BIRDING THE LUNE ESTUARY, THE FOREST OF BOWLAND AND BEYOND.

Thursday, 29 September 2016

Cockersand Scores Again.

I gave in to the wet and windy weather again yesterday which was a blueprint of the day before, and was sat wasting my life away looking at a computer screen when, at 12.51pm my pager went 'ping-ping' to alert me to a text message. The instant I saw the name attached to the message I knew there was a 99% possibility I was going to be shooting off birding and probably to Cockersand. I was right, I was indeed off birding, and it was to Cockersand....I'm a liar....I'm a twitcher after all.

As I headed towards Cockerham Sands along Moss Lane, I could see no sign of anyone on the headland, I had expected to see a silhouette on the skyline, and thought I knew the whereabouts of this bird, pessimism kicked in, the bird has gone. 

But I was wrong again, as I got on the footpath, there was this figure way out on the shore with eyes to the scope. I went out to be immediately put on to a smart adult American Golden Plover settled down with a group of European Golden Plover excellent for detailed comparison.

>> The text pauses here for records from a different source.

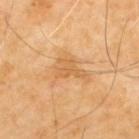workup: imaged on a skin check; not biopsied | illumination: cross-polarized illumination | image-analysis metrics: a lesion area of about 5.5 mm² and an outline eccentricity of about 0.8 (0 = round, 1 = elongated); roughly 8 lightness units darker than nearby skin and a lesion-to-skin contrast of about 5.5 (normalized; higher = more distinct); a border-irregularity rating of about 6/10, a color-variation rating of about 2/10, and a peripheral color-asymmetry measure near 1; lesion-presence confidence of about 100/100 | body site: the upper back | size: ≈3.5 mm | patient: male, about 70 years old | acquisition: ~15 mm crop, total-body skin-cancer survey.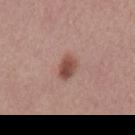Assessment:
The lesion was tiled from a total-body skin photograph and was not biopsied.
Clinical summary:
A male subject, aged 58 to 62. Automated image analysis of the tile measured an area of roughly 5 mm², an outline eccentricity of about 0.75 (0 = round, 1 = elongated), and two-axis asymmetry of about 0.25. And it measured about 13 CIELAB-L* units darker than the surrounding skin. The software also gave border irregularity of about 2 on a 0–10 scale, a within-lesion color-variation index near 4/10, and radial color variation of about 1.5. The analysis additionally found an automated nevus-likeness rating near 95 out of 100 and a detector confidence of about 100 out of 100 that the crop contains a lesion. The tile uses white-light illumination. The lesion is located on the mid back. The lesion's longest dimension is about 3 mm. This image is a 15 mm lesion crop taken from a total-body photograph.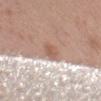Notes:
• workup: imaged on a skin check; not biopsied
• patient: male, aged 48 to 52
• site: the arm
• automated metrics: a lesion area of about 4 mm², an outline eccentricity of about 0.75 (0 = round, 1 = elongated), and a shape-asymmetry score of about 0.2 (0 = symmetric); border irregularity of about 2 on a 0–10 scale, a within-lesion color-variation index near 2.5/10, and peripheral color asymmetry of about 1; an automated nevus-likeness rating near 0 out of 100 and a lesion-detection confidence of about 100/100
• size: ~3 mm (longest diameter)
• image: ~15 mm crop, total-body skin-cancer survey
• illumination: white-light illumination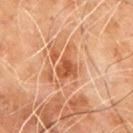The patient is a male aged 58 to 62.
The lesion is on the upper back.
Automated image analysis of the tile measured a lesion area of about 6 mm², an outline eccentricity of about 0.8 (0 = round, 1 = elongated), and two-axis asymmetry of about 0.45. It also reported internal color variation of about 3 on a 0–10 scale and peripheral color asymmetry of about 1.
Imaged with cross-polarized lighting.
This image is a 15 mm lesion crop taken from a total-body photograph.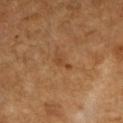Part of a total-body skin-imaging series; this lesion was reviewed on a skin check and was not flagged for biopsy. On the left forearm. A 15 mm close-up extracted from a 3D total-body photography capture. The patient is a female in their 60s.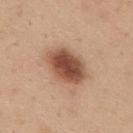<lesion>
<biopsy_status>not biopsied; imaged during a skin examination</biopsy_status>
<patient>
  <sex>male</sex>
  <age_approx>35</age_approx>
</patient>
<site>mid back</site>
<lighting>white-light</lighting>
<lesion_size>
  <long_diameter_mm_approx>5.5</long_diameter_mm_approx>
</lesion_size>
<image>
  <source>total-body photography crop</source>
  <field_of_view_mm>15</field_of_view_mm>
</image>
</lesion>
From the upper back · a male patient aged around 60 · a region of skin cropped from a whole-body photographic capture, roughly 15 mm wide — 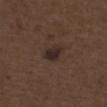Findings:
* automated metrics — a footprint of about 4.5 mm², an eccentricity of roughly 0.7, and two-axis asymmetry of about 0.3; a mean CIELAB color near L≈25 a*≈14 b*≈18, about 8 CIELAB-L* units darker than the surrounding skin, and a normalized border contrast of about 10; border irregularity of about 2.5 on a 0–10 scale, a within-lesion color-variation index near 2.5/10, and peripheral color asymmetry of about 1
* tile lighting — white-light
* diagnosis — an atypical melanocytic neoplasm (borderline)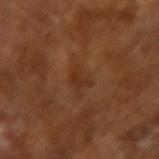Imaged during a routine full-body skin examination; the lesion was not biopsied and no histopathology is available. Automated tile analysis of the lesion measured a footprint of about 2.5 mm², an eccentricity of roughly 0.8, and a shape-asymmetry score of about 0.65 (0 = symmetric). And it measured border irregularity of about 6.5 on a 0–10 scale, internal color variation of about 0 on a 0–10 scale, and peripheral color asymmetry of about 0. Captured under cross-polarized illumination. Cropped from a whole-body photographic skin survey; the tile spans about 15 mm. About 2.5 mm across. A male subject, aged 63 to 67.

American Golden Plover/European Golden Plover. Cockersand 28 Sept. Stuart Piner.

The bird stayed in this spot some time, but later flew north to be relocated on the appropriately named Plover Scar, home to many a good and rare bird. 

Past recent records of AGP at Cockersand....

19  Nov 2008
  4  Nov 2011
5/6 Sep 2012  An AGP was reported at 2.15pm on 6 Sept on the Lune Estuary at Glasson.

I was grateful to Stuart Piner for alerting me to this brilliant bird, and for the images he has since sent me.

And a few others yesterday.

I called in at Glasson Dock to look over the Lune Estuary, but it was back down to earth now, and things were pretty quiet here, with comparatively few gulls, and low numbers of waders which included 2 Greenshank

On Conder Pool, a single scan gave me a count of 11 Little Grebe, with 24 Teal noted, and at least 50 Swallow moving through and lingering over the pool. In the creeks, the Common Sandpiper, with a Red Admiral and Silver Y moth seen.